Je suis l'Empire à la fin de la décadence,
Qui regarde passer les grands Barbares blancs,
En composant des acrostiches indolents,
D'un style d'or où la langueur du soleil danse.

Only Saltus is not Tacitus, in spite of having delved into his pages.


[RECOLLECTIONS OF RÉJANE]

NOTES ON THE ART OF THE GREAT FRENCH
ACTRESS

Meilhac's play, Ma Cousine, which owed most of its success, when it was produced at the Variétés, October 27th, 1890, to the acting of Réjane, is one of those essentially French plays which no ingenuity can ever accommodate to an English soil. It is the finer spirit of farce, it is meant to be taken as a kind of intellectual exercise; it is human geometry for the masses. There are moments when the people of the play are on the point of existing for themselves, and have to be brought back, put severely in their places, made to fit their squares of the pattern. The thing as a whole has no more resemblance to real life than Latin verses have to a school-boy's conversation. Reality, that, after all, probably holds us in it, comes into it accidentally, in the form of detail, in little touches of character, little outbursts of temperament. The rest is done after a plan, it is an entanglement by rule; it exists because people have agreed to think that they like suspense; the tantalization of curiosity on the stage. We see the knot tied by the conjurer; we want to know what he will do with it. In France, and in such a piece as Ma Cousine, the conjurer is master of his trade; he gives us our illusions and our enlightenment in exactly the right doses.

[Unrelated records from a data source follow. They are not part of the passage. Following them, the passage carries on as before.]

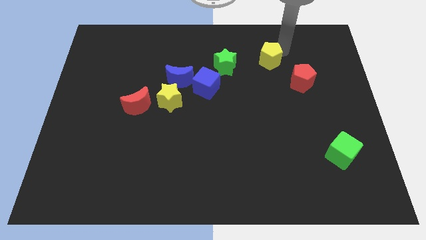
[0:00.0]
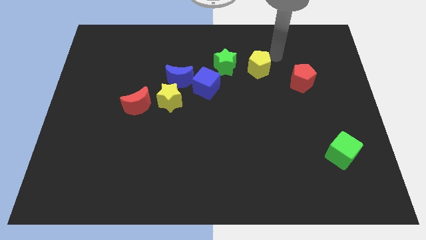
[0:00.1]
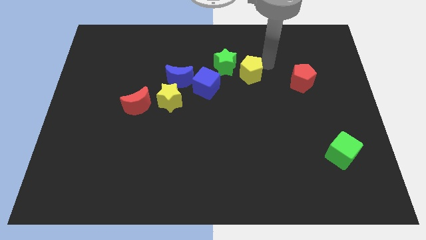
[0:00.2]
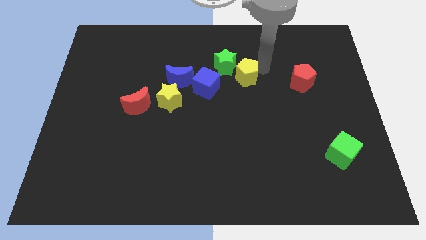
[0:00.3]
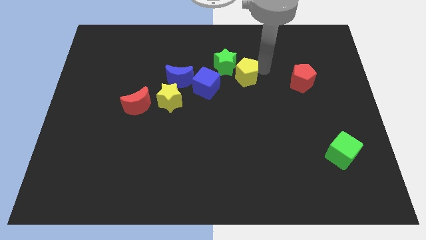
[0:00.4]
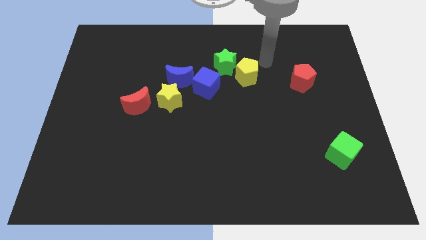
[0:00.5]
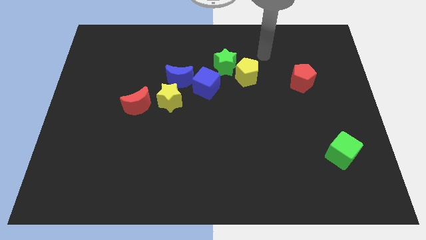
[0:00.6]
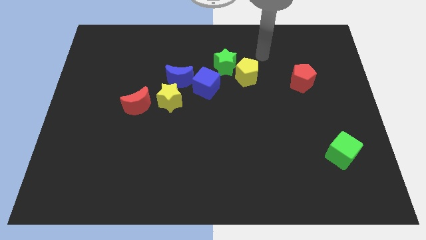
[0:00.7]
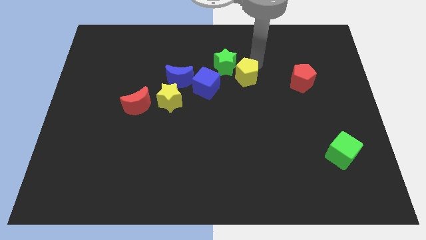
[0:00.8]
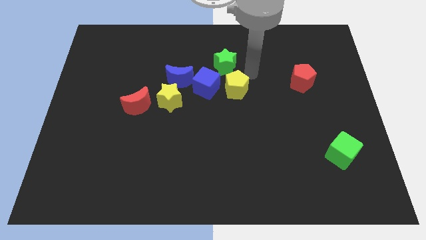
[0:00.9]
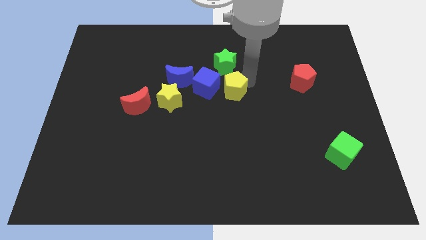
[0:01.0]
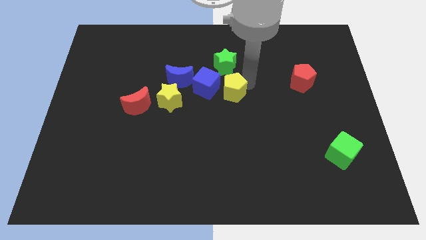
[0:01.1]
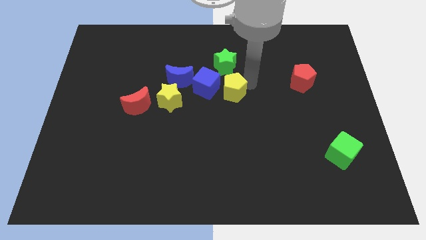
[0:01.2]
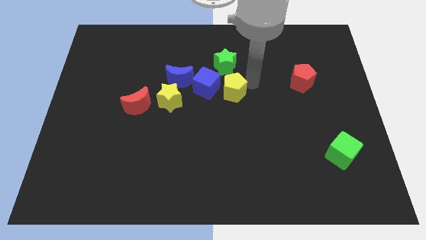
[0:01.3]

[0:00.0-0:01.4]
move the yellow pentagon right to the blue cube

And Réjane in this wittily artificial play suits herself perfectly to her subject, becomes everything there is in the character of Riquette; an actress who plays a comedy in real life, quite in the spirit of the stage. She has to save the situation from being taken too seriously, from becoming tragic: she has to take the audience into her confidence, to assure them that it is all a joke. And so we see her constantly overdoing her part, fooling openly. She does two things at once: the artificial comedy, which is uppermost in the play, and the character part which is implicit in it. And she is perfect in both.

The famous Chahut, which went electrically through Paris, when it was first given, in all its audacity, shows us one side of her art. The delicate by-plays with eyes and voice, or rather the voice and the overhanging eyelid of the right eye, shows us another. She is always the cleverest person on the stage. Her face in repose seems waiting for every expression to quicken its own form of life. When the face is in movement, one looks chiefly at the mouth, the thick, heavily painted lips, which twist upward, and wrinkle into all kinds of earthly subtleties. Her face is full of an experienced, sullen, chuckling gaminerie, which seems, after all, to be holding back something: it has a curious, vulgar undertone, a succulent and grossly joyous gurgle.

RÉJANE IN "MA COUSINE"

Here, in Ma Cousine, she abandons herself to all the frank and shady humors of the thing with the absolute abandonment of the artist. It is like a picture by Forain, made of the same material with the same cynicism and with the same mastery of line.